Hoch hinaus – Erfahren Sie einen Hauch von Glamour in Pedralbes.
  • Die Gangart in Pedralbes ist langsam und es gibt eine gute Auswahl an sonnigen und grünen Fleckchen wo man einfach nur relaxen kann. Der Parc de Cervantes, im Südwesten des Bezirks, ist ein perfektes Beispiel. Es gibt 10.000 Rosenbüsche, mit über 245 Sorten aus vielen verschiedenen Ländern, so dass man den Gerüchen nicht entkommen kann. Aber es gibt nicht nur Blumen im Park, mit seinen zahlreichen Rasenflächen und Bänken ist er ideal für ein Picknick.

    Der Hauptanziehungspunkt ist das aus dem 14. Jahrhundert stammende Kloster, Museu-Monestir de Pedralbes, das am Ende der Avinguda de Pedralbes liegt. Die meiste Zeit seiner Existenz lag das Kloster isoliert auf dem Lande und erst im 20. Jahrhundert wurden Wohnkomplexe um das Kloster herum erbaut. Die Anlage umfasst ein wunderschönes alleinstehendes Kirchenschiff, welches am Ende eines gepflasterten Weges liegt. Der Konvent selbst beinhaltet noch einen Kreuzgang bestehend aus drei Ebenen und einem Innenhof. Es leben noch viele Nonnen des St Clares Orden hier und während man die Bereiche, die für die Öffentlichkeit zugänglich sind, besichtigt, kann man sich ein gutes Bild über die Lebensart wie vor Hunderten von Jahren machen. Nonnen dieses Ordens kamen für gewöhnlich aus wohlhabenden Familien, welches sich noch heute in den beeindruckenden Kunstgegenständen des Klosters wiederspiegelt.

    Der königliche Palast von Pedralbes (Palau Reial) ist ein Herrenhaus, in dem sich heute einzelne Museen befinden.

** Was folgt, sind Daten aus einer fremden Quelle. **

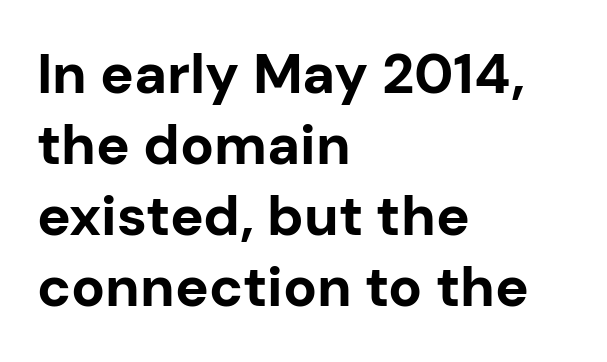
The image shows 56 px bold sans-serif type, upright; set left-aligned, normal line spacing (1.27x), normal letter spacing, not underlined; low stroke contrast and a medium x-height.
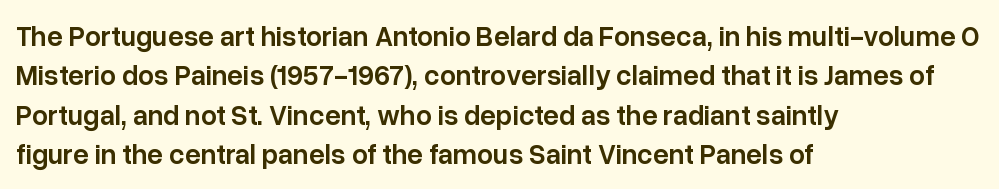
{"serif": "no", "italic": "no", "bold": "semi", "weight": "semibold", "width": "normal", "stroke_contrast": "low", "x_height": "medium", "monospaced": "no", "underline": "no", "align": "left", "line_spacing": "normal", "line_spacing_ratio": 1.41, "letter_spacing": "normal", "letter_spacing_em": 0.0, "glyph_px": 28}
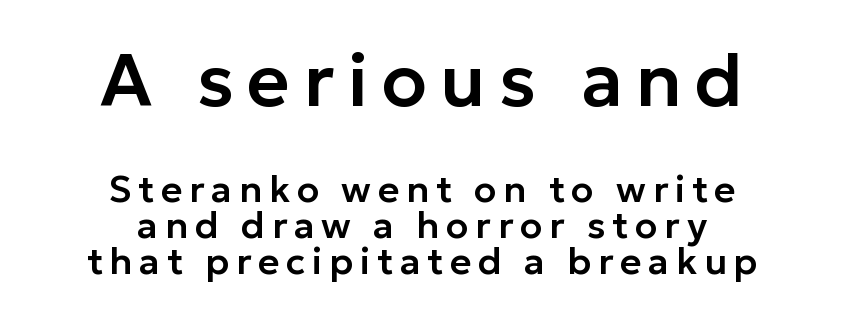
Quick note: interline space is minimal. Check the space under the baseline: it is left empty. The typesetter chose a symmetrical, centered arrangement here. Does the bottom block carry the larger type? No, the top block does. The characters display no serif detailing; their extremities are plain.
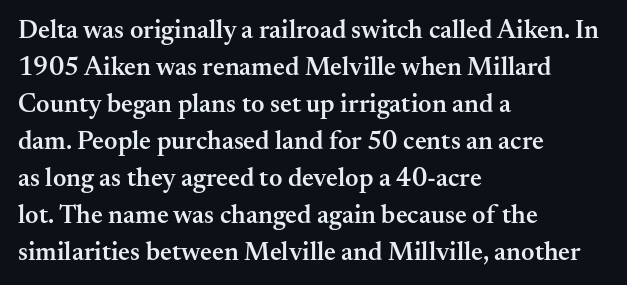
Q: Is the text bold? A: Semi-bold.
Q: Is the text italic (slanted)? A: No, it is upright.
Q: Is the text underlined? A: No.
Q: How is the paragraph aligned? A: Left-aligned.
Q: Is the spacing between letters normal or unusually wide? A: Normal.
Q: Is the spacing between lines tight, normal or loose? A: Normal.
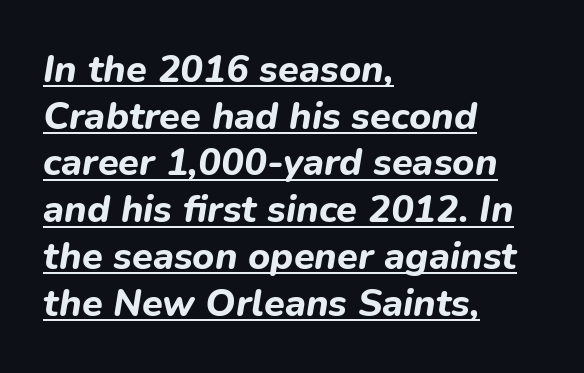
The image shows 38 px bold type, italic (leaning right); set left-aligned, line spacing 1.23x, normal letter spacing, underlined; low stroke contrast and a medium x-height.
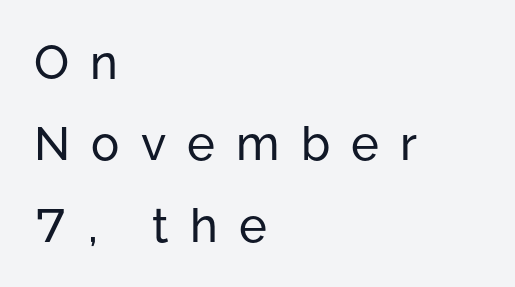
The letterforms stand isolated, each surrounded by extra space. Rule under the text: the space is simply empty. Serif or sans? Sans — the stroke terminals are bare. The letters stand straight up with perfectly vertical stems. Short and long lines alike share a common starting point at left.
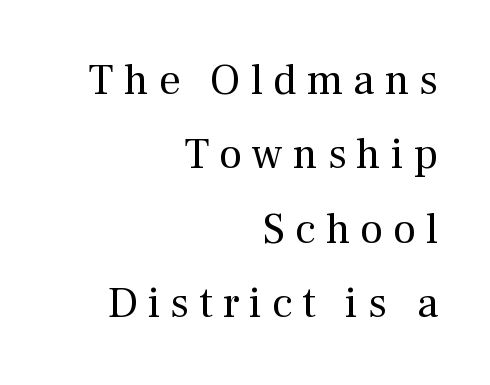
{"serif": "yes", "italic": "no", "bold": "no", "weight": "regular", "width": "normal", "stroke_contrast": "medium", "x_height": "medium", "monospaced": "no", "underline": "no", "align": "right", "line_spacing_ratio": 1.73, "letter_spacing": "wide", "letter_spacing_em": 0.23, "glyph_px": 43}
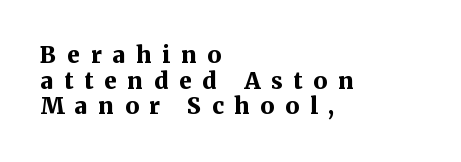
Q: Is the text bold? A: Yes.
Q: Is the text italic (slanted)? A: No, it is upright.
Q: Is the text underlined? A: No.
Q: How is the paragraph aligned? A: Left-aligned.
Q: Is the spacing between letters normal or unusually wide? A: Unusually wide.
Q: Is the spacing between lines tight, normal or loose? A: Tight.
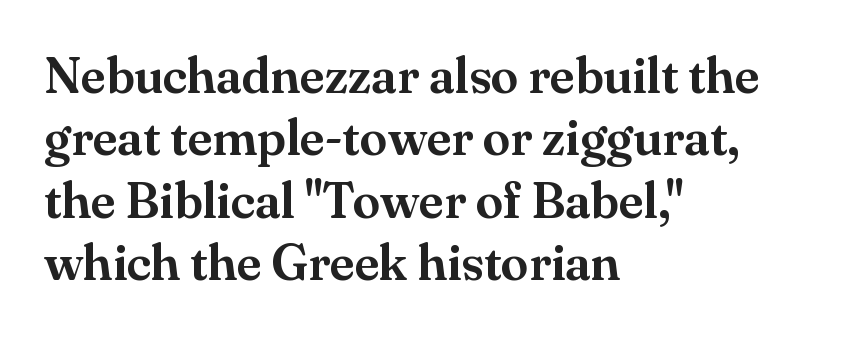
Q: Is the text italic (slanted)? A: No, it is upright.
Q: Is the typeface a serif or a sans-serif typeface? A: Serif.
Q: Is the text underlined? A: No.
Q: How is the paragraph aligned? A: Left-aligned.
Q: Is the spacing between letters normal or unusually wide? A: Normal.
Q: Is the spacing between lines tight, normal or loose? A: Normal.
Q: Width (condensed, normal, or wide)? A: Normal.
Q: Stroke contrast? A: Medium.
Q: x-height? A: Small.
Q: Monospaced? A: No.
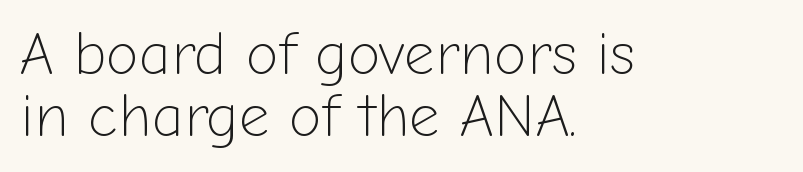
Bare-footed words on every line. These lines are rendered in a variable-pitch font. The characters are drawn with everyday or finer stroke widths. Does the leading feel generous? Not at all — it's pinched.
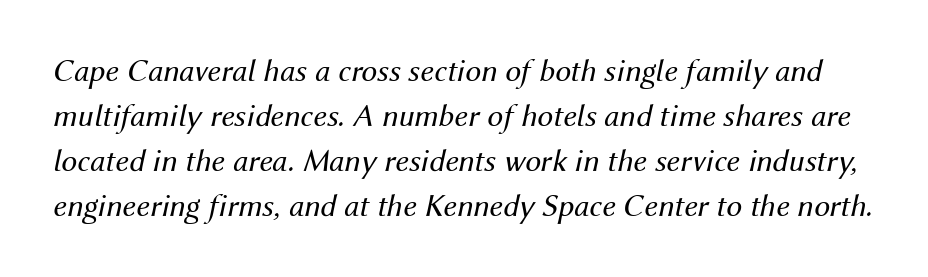
{"italic": "yes", "lean": "right", "slant_degrees": 12, "bold": "no", "weight": "regular", "width": "normal", "stroke_contrast": "medium", "x_height": "medium", "monospaced": "no", "underline": "no", "line_spacing": "normal", "line_spacing_ratio": 1.41, "letter_spacing": "normal", "letter_spacing_em": 0.0, "glyph_px": 32}
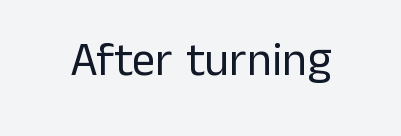
The image shows 47 px regular-weight sans-serif type, upright; set normal letter spacing, not underlined; low stroke contrast and a medium x-height.
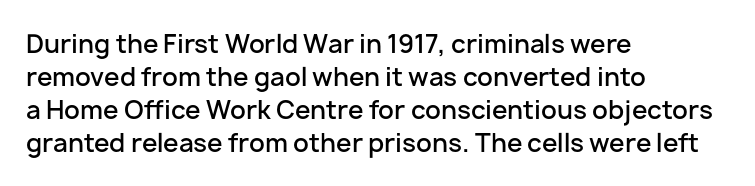
Is the letter spacing exaggerated? No — it looks like the ordinary default. The text block is weighted toward the left margin, trailing off unevenly rightward. Anything drawn beneath the words? Only blank space. The passage shown stacks its lines at a standard gap.
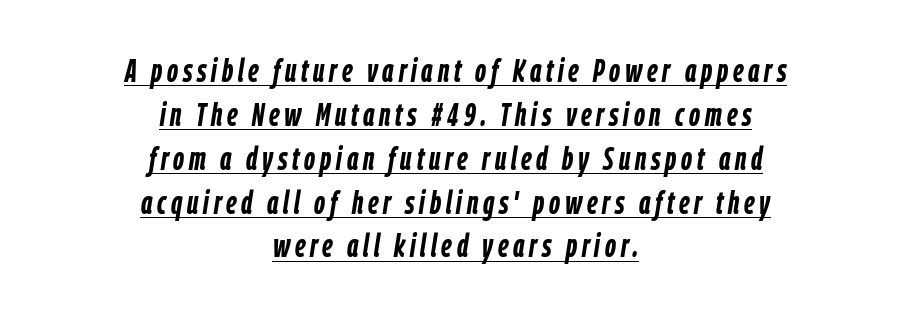
Q: Is the text bold? A: Yes.
Q: Is the text italic (slanted)? A: Yes, it leans right by about 9 degrees.
Q: Is the text underlined? A: Yes.
Q: How is the paragraph aligned? A: Centered.
Q: Is the spacing between lines tight, normal or loose? A: Normal.
Q: Width (condensed, normal, or wide)? A: Condensed.
Q: Stroke contrast? A: Low.
Q: x-height? A: Medium.
Q: Monospaced? A: No.
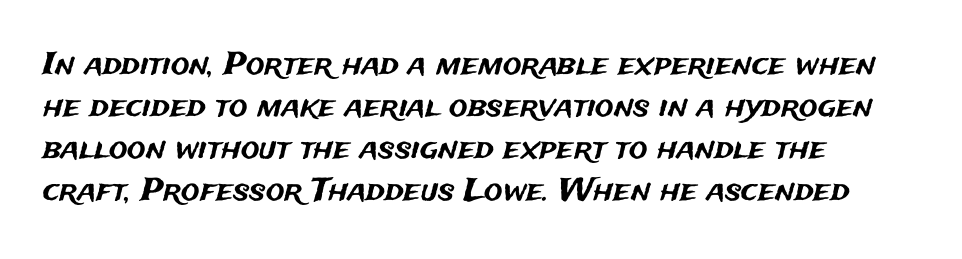
Q: Is the text italic (slanted)? A: Yes.
Q: Is the typeface a serif or a sans-serif typeface? A: Sans-serif.
Q: Is the text underlined? A: No.
Q: How is the paragraph aligned? A: Left-aligned.
Q: Is the spacing between letters normal or unusually wide? A: Normal.
Q: Is the spacing between lines tight, normal or loose? A: Normal.
Q: Width (condensed, normal, or wide)? A: Normal.
Q: Stroke contrast? A: Medium.
Q: x-height? A: Medium.
Q: Monospaced? A: No.
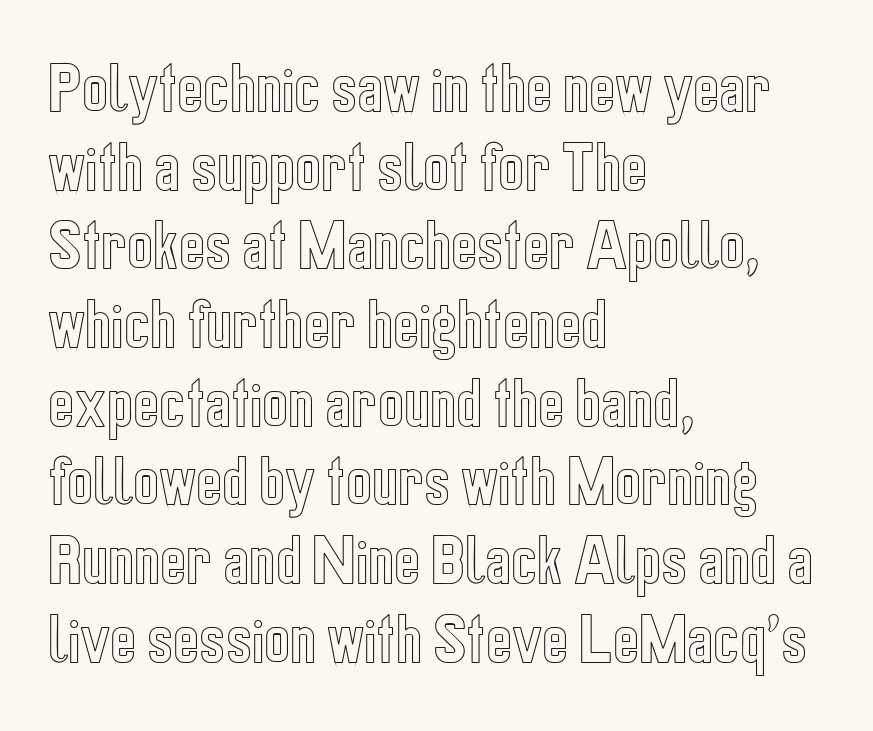
{"italic": "no", "width": "condensed", "x_height": "medium", "monospaced": "no", "underline": "no", "align": "left", "line_spacing": "normal", "line_spacing_ratio": 1.43, "letter_spacing": "normal", "letter_spacing_em": 0.0, "glyph_px": 55}
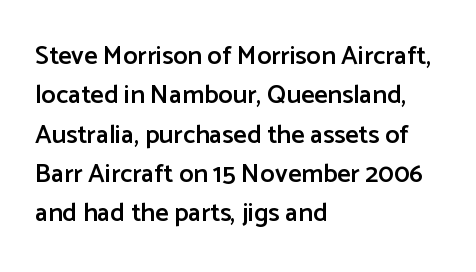
The image shows 26 px text type, upright; set left-aligned, normal line spacing (1.51x), normal letter spacing, not underlined.
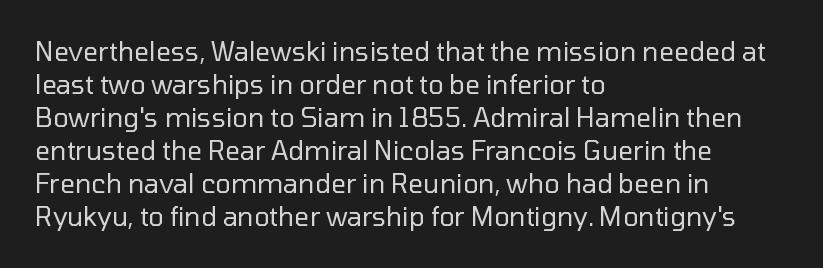
{"italic": "no", "bold": "no", "underline": "no", "align": "left", "line_spacing": "normal", "line_spacing_ratio": 1.27, "letter_spacing": "normal", "letter_spacing_em": 0.0, "glyph_px": 26}
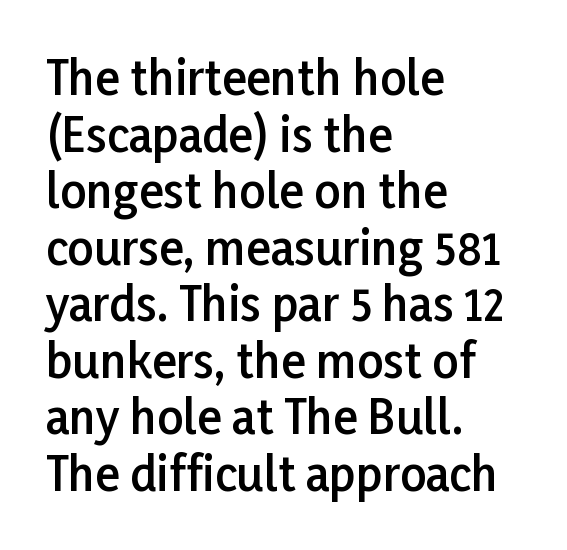
The image shows 46 px semibold sans-serif type, upright; set left-aligned, line spacing 1.23x, normal letter spacing, not underlined; low stroke contrast and a medium x-height.
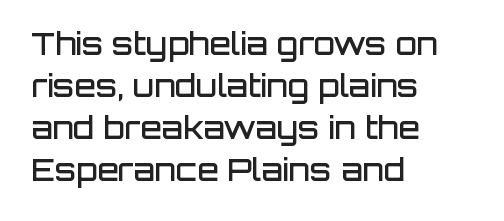
{"serif": "no", "italic": "no", "bold": "semi", "weight": "semibold", "width": "normal", "stroke_contrast": "low", "x_height": "large", "monospaced": "no", "underline": "no", "align": "left", "line_spacing": "normal", "line_spacing_ratio": 1.36, "letter_spacing": "normal", "letter_spacing_em": 0.0, "glyph_px": 31}
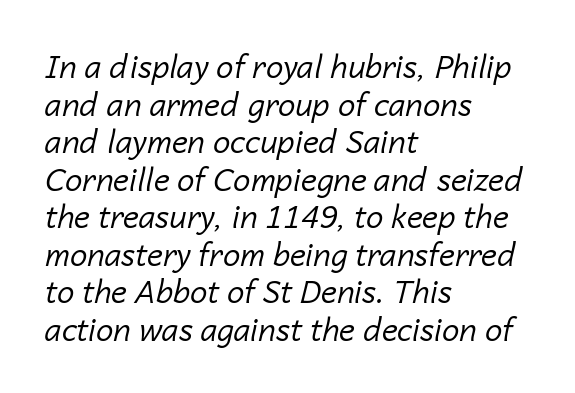
{"italic": "yes", "lean": "right", "slant_degrees": 14, "bold": "no", "weight": "regular", "width": "normal", "stroke_contrast": "low", "x_height": "medium", "monospaced": "no", "underline": "no", "align": "left", "line_spacing_ratio": 1.21, "letter_spacing": "normal", "letter_spacing_em": 0.0, "glyph_px": 31}
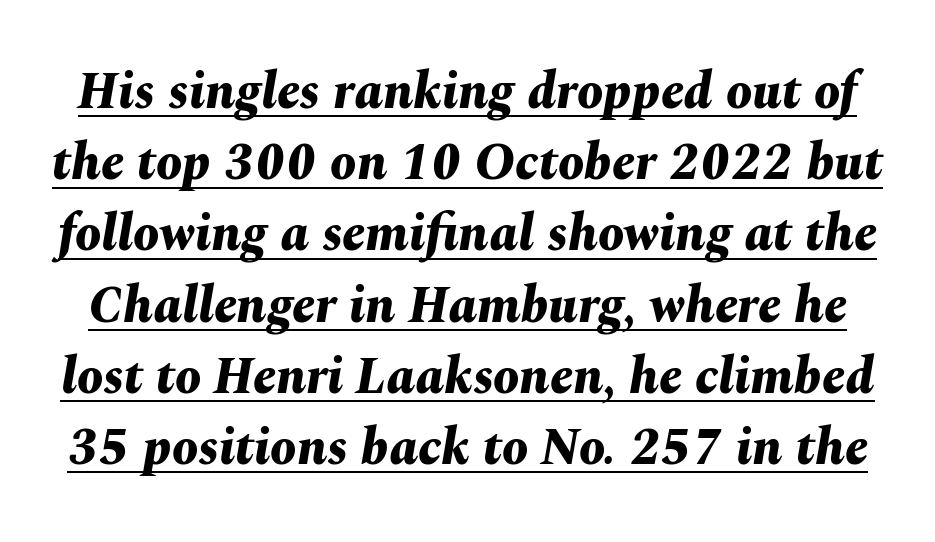
The image shows 52 px bold type, italic (leaning right); set normal line spacing (1.37x), normal letter spacing, underlined; medium stroke contrast and a medium x-height.
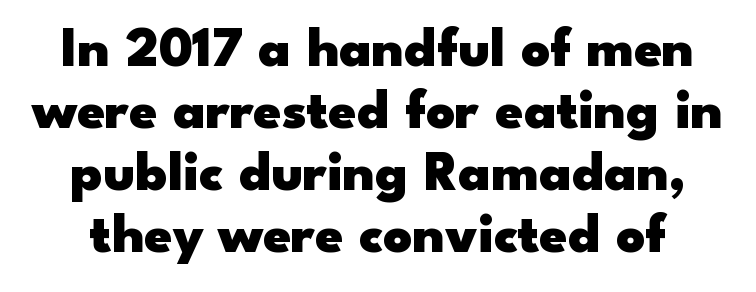
The image shows 56 px heavy, wide sans-serif type, upright; set tight line spacing (1.11x), normal letter spacing, not underlined; low stroke contrast and a small x-height.
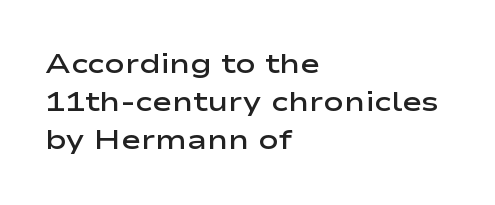
The image shows 27 px text type, upright; set left-aligned, normal line spacing (1.41x), normal letter spacing, not underlined.
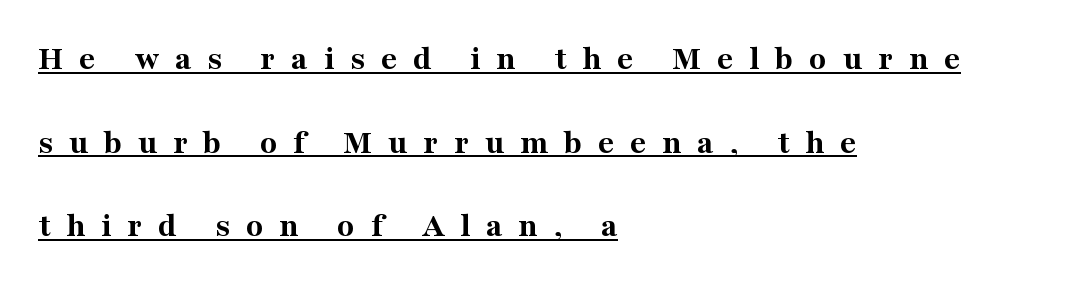
The image shows 35 px bold serif type, upright; set left-aligned, loose line spacing (2.39x), unusually wide letter spacing (+0.45 em), underlined; medium stroke contrast and a medium x-height.
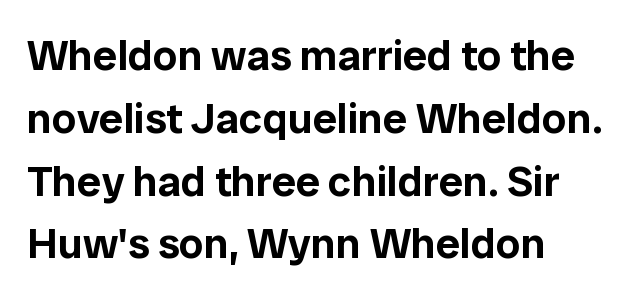
{"serif": "no", "italic": "no", "width": "normal", "stroke_contrast": "low", "x_height": "medium", "monospaced": "no", "underline": "no", "align": "left", "line_spacing": "normal", "line_spacing_ratio": 1.46, "letter_spacing": "normal", "letter_spacing_em": 0.0, "glyph_px": 43}
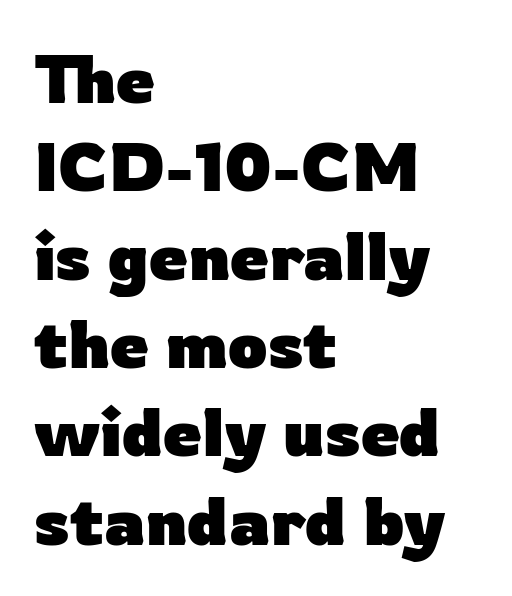
Q: Is the text bold? A: Yes.
Q: Is the text italic (slanted)? A: No, it is upright.
Q: Is the typeface a serif or a sans-serif typeface? A: Sans-serif.
Q: Is the text underlined? A: No.
Q: How is the paragraph aligned? A: Left-aligned.
Q: Is the spacing between letters normal or unusually wide? A: Normal.
Q: Is the spacing between lines tight, normal or loose? A: Normal.
Q: Width (condensed, normal, or wide)? A: Normal.
Q: Stroke contrast? A: Low.
Q: x-height? A: Medium.
Q: Monospaced? A: No.

Eines ist das Keramikmuseum, in dem Stücke von Picasso oder Joan Miró ausgestellt werden. Der umliegende klassische Garten ist ein Himmel auf Erden und besitzt eine Gartenlaube die von Gaudí selbst entworfen wurde sowie Laternenmasten, die sich hinter Bäumen verstecken.

    Nicht weit entfernt trifft man auf das ehemalige Güell Anwesen, dem ein gewaltiges, aus Eisen geschmiedetes Tor mit Drachenmotiv, vorsteht. Es gibt zwei Pavillons die in dem typischen „trencadís” Mosaik, bestehend aus abgeschlagenen bunten Kacheln, gestaltet sind. Das ganze Anwesen trägt die Handschrift des Meisters Gaudí und es war der erste Auftrag von seinem berühmten Förderer und Gönner Eusebi Güell. Das klaffende Maul des Drachens am Tor ist ein tolles und ungewöhnliches Fotomotiv.

    Essen gehen

    Es gibt keine große Auswahl an Restaurants in diesem Bezirk aber die wenigsten kann man als „Exquisite“ bezeichnen. Ein Katzensprung vom Kloster entfernt liegt das El Jardi de l’Abadessa mit seinem wunderschönen Garten. Hier ist das Speisen an frischer Luft eine besondere Freude. Die Küche ist frisch mediterran und die gute Weinliste rundet die Sache ab. Falls Sie liebend gerne Fisch essen, sollten Sie dem Tritón einen Besuch abstatten. Die Fischgerichte sind großartig und es gibt auch immer ein paar Fleischvarianten auf der Karte. Wenn man wirklich dem Fass den Boden ausschlagen will, sollte man im malerischen La Venta speisen, das am Fuße der Seilbahn nach Tibidabo liegt. Es handelt sich eigentlich um zwei separate Restaurants, das erste, eine Veranda im Erdgeschoss und das zweite ein Speisesaal im Obergeschoss (El Mirador de La Venta) mit einer atemberaubenden Aussicht auf die Stadt. Das Lokal besitzt ein entspanntes Ambiente und ist super für ein gemächliches Mittagsessen. Im Speisesaal gibt es nur 7 Tische, daher sollte man reservieren um die tolle Aussicht nicht zu verpassen.

    Am Abend

    Um bei der Exklusivität des Bezirks zu bleiben, findet man ein paar wenige erlesene Nachtclubs. Es gibt nichts Edleres als den Elephant Club, welcher sich in einem Herrenhaus im Stil der 20er Jahre befindet. Der Club erwacht so um 23 Uhr zum Leben, wenn sich die Räumlichkeiten mit Prominenten und Möchtegerns füllen. Im Sommer werden draußen noch zusätzlich Beduinenzelte aufgestellt, in denen man in Sesseln relaxen kann. Im Elephant will man gesehen werden, für einen ordentlichen Preis versteht sich.